At 6 p.m. on the night of the iPhone launch, the focus shifted from the reviewers to actual customers. The phone no longer belonged to us four. We went on with our careers—the other three have been actively reviewing products for the last decade, though Walt Mossberg, then of the Wall Street Journal and now with Recode, is retiring this month. But as we gathered for a roundtable to be broadcast on CBS Sunday Morning, we all agreed that the iPhone situation was unprecedented and unlikely to be repeated.

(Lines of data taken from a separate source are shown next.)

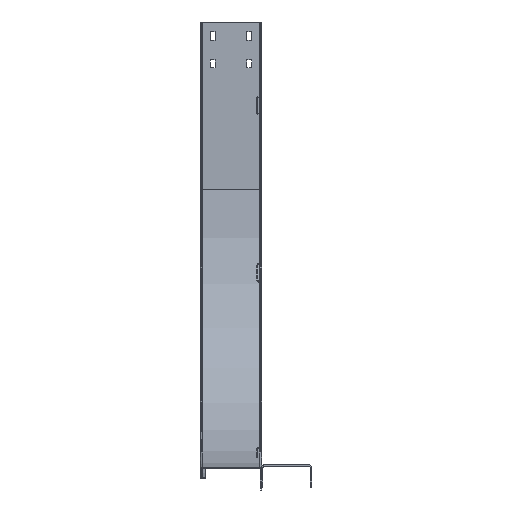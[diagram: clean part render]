
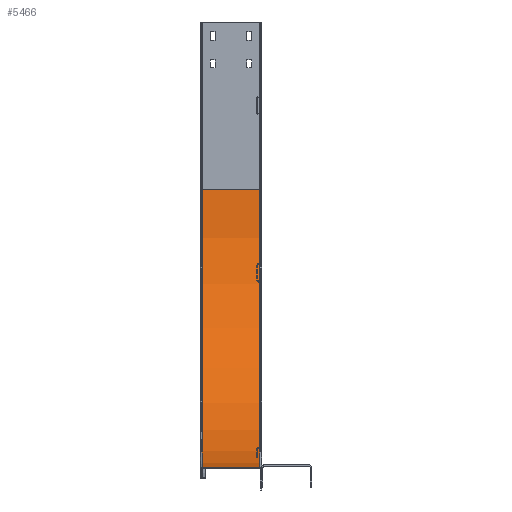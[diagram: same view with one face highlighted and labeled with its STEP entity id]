
A CAD part, left-side view. The second image highlights one B-rep face of the part: STEP entity #5466.
In plain terms, the highlighted cylindrical face has radius 500 mm (diameter 1000 mm), a partial arc.
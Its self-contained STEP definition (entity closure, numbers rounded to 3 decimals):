
#3764=CARTESIAN_POINT('',(-300.,3.5,500.));
#3765=DIRECTION('',(0.,1.,0.));
#3766=DIRECTION('',(0.,0.,-1.));
#3767=AXIS2_PLACEMENT_3D('',#3764,#3765,#3766);
#3861=DIRECTION('',(0.,1.,0.));
#3862=VECTOR('',#3861,103.);
#3863=CARTESIAN_POINT('',(-300.,3.5,0.));
#3864=LINE('',#3863,#3862);
#3865=DIRECTION('',(0.,-1.,0.));
#3866=VECTOR('',#3865,103.);
#3867=CARTESIAN_POINT('',(-800.,106.5,500.));
#3868=LINE('',#3867,#3866);
#4026=CARTESIAN_POINT('',(-300.,106.5,500.));
#4027=DIRECTION('',(0.,-1.,0.));
#4028=DIRECTION('',(-1.,0.,0.));
#4029=AXIS2_PLACEMENT_3D('',#4026,#4027,#4028);
#4672=CARTESIAN_POINT('',(-800.,106.5,500.));
#4674=VERTEX_POINT('',#4672);
#4677=CARTESIAN_POINT('',(-800.,3.5,500.));
#4679=VERTEX_POINT('',#4677);
#4701=CARTESIAN_POINT('',(-300.,106.5,0.));
#4702=VERTEX_POINT('',#4701);
#4715=CARTESIAN_POINT('',(-300.,3.5,0.));
#4716=VERTEX_POINT('',#4715);
#5453=CARTESIAN_POINT('',(-300.,0.,500.));
#5454=DIRECTION('',(0.,1.,0.));
#5455=DIRECTION('',(0.,0.,1.));
#5456=AXIS2_PLACEMENT_3D('',#5453,#5454,#5455);
#5457=CYLINDRICAL_SURFACE('',#5456,500.);
#5458=ORIENTED_EDGE('',*,*,#5374,.F.);
#5459=ORIENTED_EDGE('',*,*,#5349,.T.);
#5461=ORIENTED_EDGE('',*,*,#5460,.F.);
#5463=ORIENTED_EDGE('',*,*,#5462,.T.);
#5464=EDGE_LOOP('',(#5458,#5459,#5461,#5463));
#5465=FACE_OUTER_BOUND('',#5464,.F.);
#5466=ADVANCED_FACE('',(#5465),#5457,.F.);
#3768=CIRCLE('',#3767,500.);
#4030=CIRCLE('',#4029,500.);
#5349=EDGE_CURVE('',#4716,#4679,#3768,.T.);
#5374=EDGE_CURVE('',#4716,#4702,#3864,.T.);
#5460=EDGE_CURVE('',#4674,#4679,#3868,.T.);
#5462=EDGE_CURVE('',#4674,#4702,#4030,.T.);
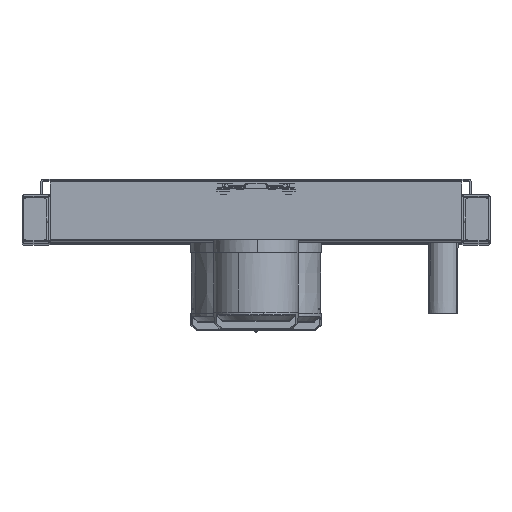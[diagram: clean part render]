
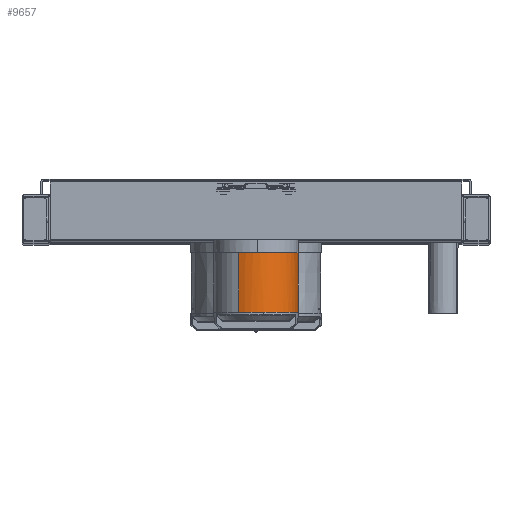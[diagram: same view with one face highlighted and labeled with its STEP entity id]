
A CAD part, top view. The second image highlights one B-rep face of the part: STEP entity #9657.
In plain terms, the highlighted cylindrical face has radius 45 mm (diameter 90 mm), a partial arc.
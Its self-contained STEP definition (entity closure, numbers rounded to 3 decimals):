
#8011=CYLINDRICAL_SURFACE('',#217853,45.);
#9657=ADVANCED_FACE('extract',(#14660),#8011,.T.);
#14660=FACE_OUTER_BOUND('',#80269,.T.);
#19608=VECTOR('',#223642,63.8);
#19609=VECTOR('',#223642,63.8);
#24782=LINE('',#153919,#19608);
#24783=LINE('',#153920,#19609);
#32839=ORIENTED_EDGE('',*,*,#57434,.F.);
#32840=ORIENTED_EDGE('',*,*,#57435,.F.);
#32841=ORIENTED_EDGE('',*,*,#57436,.T.);
#32842=ORIENTED_EDGE('',*,*,#57387,.F.);
#32843=ORIENTED_EDGE('',*,*,#57393,.T.);
#57387=EDGE_CURVE('1945',#72545,#72546,#69248,.T.);
#57393=EDGE_CURVE('1951',#72545,#72550,#69253,.T.);
#57434=EDGE_CURVE('1992',#72589,#72550,#24782,.T.);
#57435=EDGE_CURVE('1993',#72590,#72589,#69267,.T.);
#57436=EDGE_CURVE('1994',#72590,#72546,#24783,.T.);
#69248=CIRCLE('',#217821,45.);
#69253=CIRCLE('',#217827,45.);
#69267=CIRCLE('',#217854,45.);
#72545=VERTEX_POINT('1323',#153745);
#72546=VERTEX_POINT('1324',#153746);
#72550=VERTEX_POINT('1328',#153756);
#72589=VERTEX_POINT('1367',#153919);
#72590=VERTEX_POINT('1368',#153920);
#80269=EDGE_LOOP('',(#32839,#32840,#32841,#32842,#32843));
#153745=CARTESIAN_POINT('',(8.306,-75.3,2182.227));
#153746=CARTESIAN_POINT('',(-18.513,-75.3,2179.016));
#153747=CARTESIAN_POINT('',(0.,-75.3,2138.));
#153756=CARTESIAN_POINT('',(18.513,-75.3,2096.984));
#153918=CARTESIAN_POINT('',(0.,-11.5,2138.));
#153919=CARTESIAN_POINT('',(18.513,-11.5,2096.984));
#153920=CARTESIAN_POINT('',(-18.513,-11.5,2179.016));
#217821=AXIS2_PLACEMENT_3D('',#153747,#223642,#224099);
#217827=AXIS2_PLACEMENT_3D('',#153747,#223641,#224099);
#217853=AXIS2_PLACEMENT_3D('',#153918,#223642,#224123);
#217854=AXIS2_PLACEMENT_3D('',#153918,#223641,#224124);
#223641=DIRECTION('',(0.,1.,0.));
#223642=DIRECTION('',(0.,-1.,0.));
#224099=DIRECTION('',(0.185,0.,0.983));
#224123=DIRECTION('',(0.411,0.,-0.911));
#224124=DIRECTION('',(-0.411,0.,0.911));

I’ll go further. In the early 1980s, reviews were fairly technical, and directed at the aficionados and hobbyists who were early adopters of the products. As technology became more mainstream, however, product reviews sometimes became news themselves. The iPhone experience was the apex of that trajectory. No product will ever be as hyped, and no tiny group of reviewers will ever get such weight dumped on them. Clearly, the company was confident that its creation would win our favor—but those not-so-casual phone calls from Steve Jobs exposed the doubt that comes when even the strongest case reaches a jury.

Since the iPhone, the most transformative products have not been gadgets but services. Facebook, Twitter, and Snapchat have changed lives, but they didn’t launch to massive fanfare. They were switched on to small groups, showing only glimmers of the eventual power they would gain when networks grew up around them.

So while we celebrate a decade of the iPhone, let’s also acknowledge a footnote to that signal event in tech history: the peak of the mass-market product review.

Oh, and with 10 years of hindsight, how did we reviewers do in that Come-to-Jesus-Phone moment? Each one of us horsemen was overwhelmingly positive—we universally cited the massive hype and judged, with some astonishment, that the iPhone had lived up to it. (My biggest cavil was that Apple was limiting the ecosystem of apps that ran directly on the OS. “I think the best way to make [the iPhone] more valuable would be to encourage outside developers to create more uses for it,” I wrote. It took Apple about a year, but it finally did just that.)

But though we reviewers didn’t embarrass ourselves, none of us came close to predicting how big the iPhone would be. Our only consolation was that Apple didn’t see it, either.